"""
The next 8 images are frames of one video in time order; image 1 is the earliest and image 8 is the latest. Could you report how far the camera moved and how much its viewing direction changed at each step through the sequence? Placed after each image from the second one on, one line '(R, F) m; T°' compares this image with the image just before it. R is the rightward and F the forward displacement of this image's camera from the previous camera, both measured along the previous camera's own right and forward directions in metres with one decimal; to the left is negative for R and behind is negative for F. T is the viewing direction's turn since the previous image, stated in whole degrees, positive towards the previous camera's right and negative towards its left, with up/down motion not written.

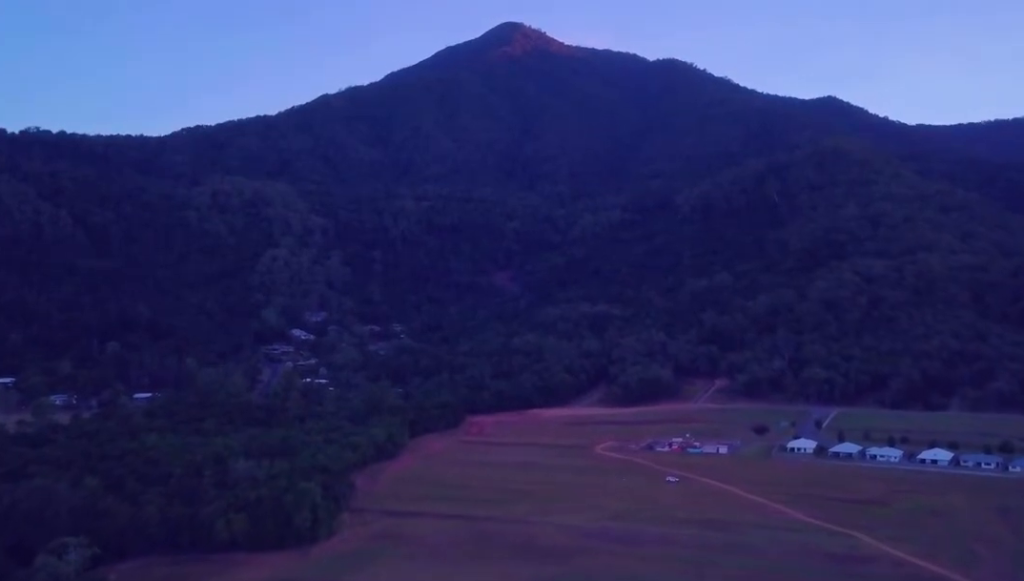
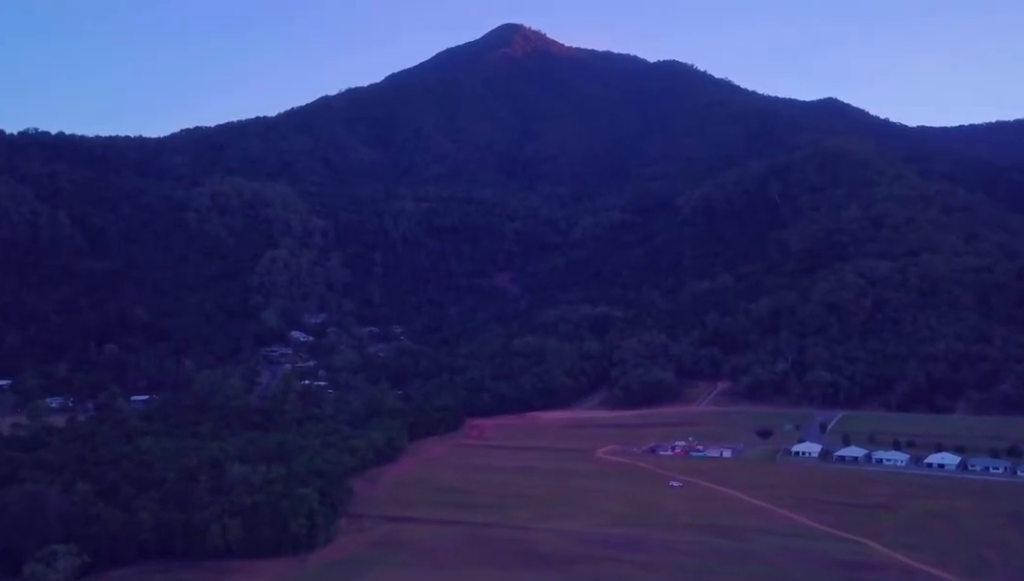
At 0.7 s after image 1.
(0.0, +4.7) m; 0°
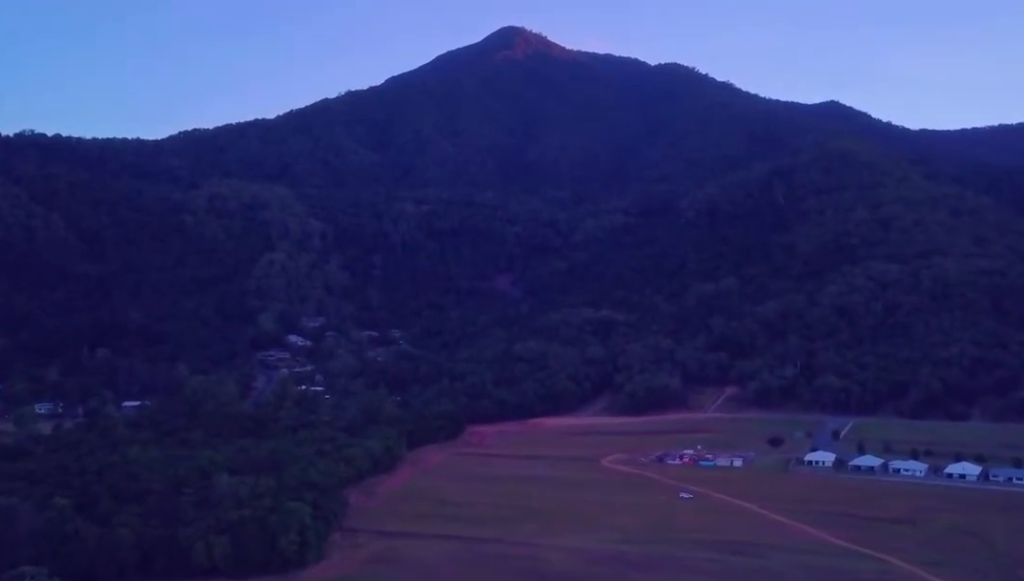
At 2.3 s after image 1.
(0.0, +12.0) m; 0°
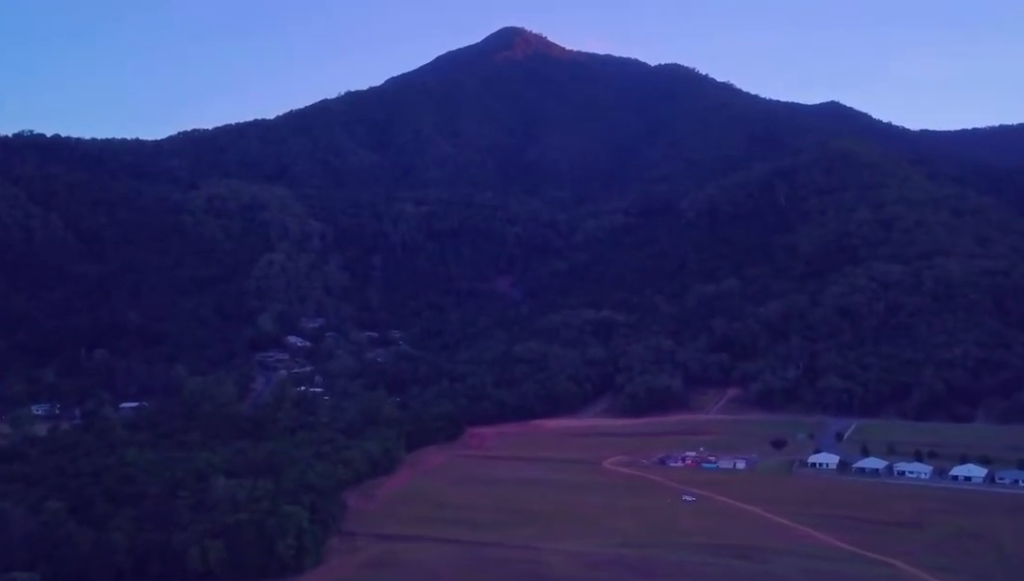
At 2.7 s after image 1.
(0.0, +3.0) m; 0°
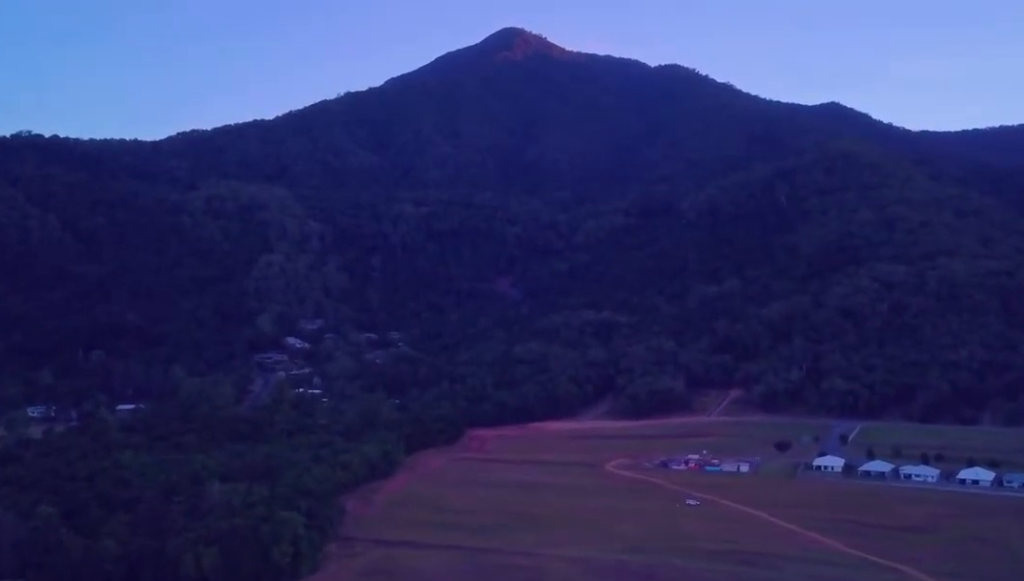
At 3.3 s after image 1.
(0.0, +4.2) m; 0°
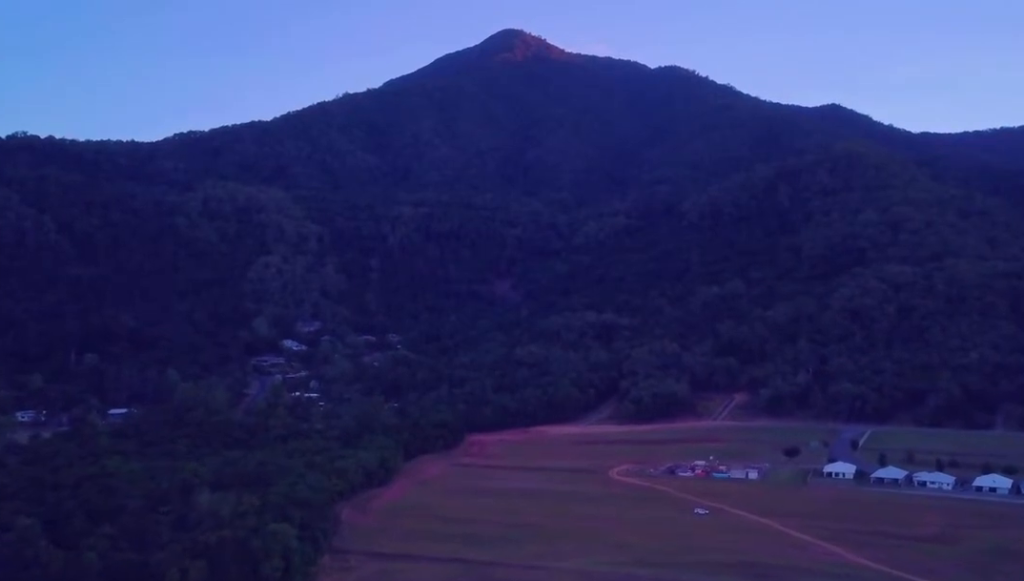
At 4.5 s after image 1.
(0.0, +9.1) m; 0°
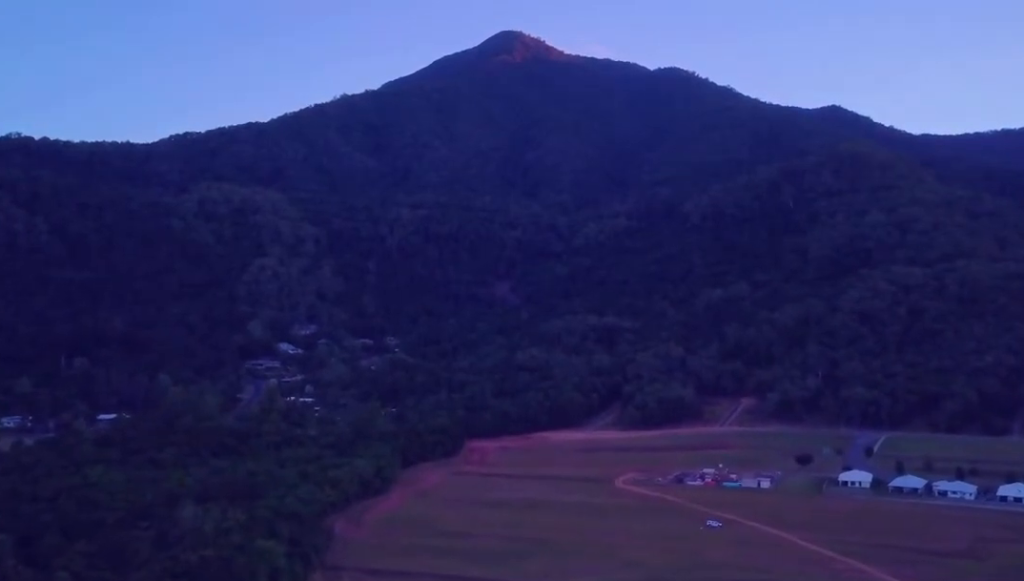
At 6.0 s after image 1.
(0.0, +11.9) m; 0°
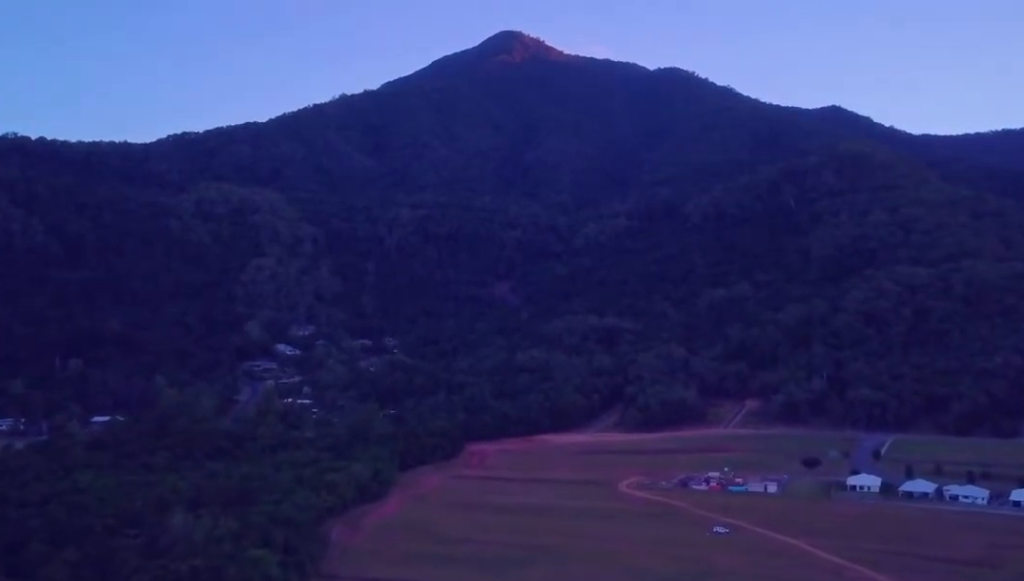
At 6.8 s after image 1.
(0.0, +6.1) m; 0°
"""
- _Problem_
Set down the entries exactly as they appear, with every picture left out.

- _Your response_
The next 8 images are frames of one video in time order; image 1 is the earliest and image 8 is the latest. Could you report how far the camera moved and how much its viewing direction changed at each step through the sequence? Placed after each image from the second one on, one line '(R, F) m; T°' compares this image with the image just before it. R is the rightward and F the forward displacement of this image's camera from the previous camera, both measured along the previous camera's own right and forward directions in metres with one decimal; to the left is negative for R and behind is negative for F. T is the viewing direction's turn since the previous image, stated in whole degrees, positive towards the previous camera's right and negative towards its left, with up/down motion not written.

At 0.7 s after image 1.
(0.0, +4.7) m; 0°
At 2.3 s after image 1.
(0.0, +12.0) m; 0°
At 2.7 s after image 1.
(0.0, +3.0) m; 0°
At 3.3 s after image 1.
(0.0, +4.2) m; 0°
At 4.5 s after image 1.
(0.0, +9.1) m; 0°
At 6.0 s after image 1.
(0.0, +11.9) m; 0°
At 6.8 s after image 1.
(0.0, +6.1) m; 0°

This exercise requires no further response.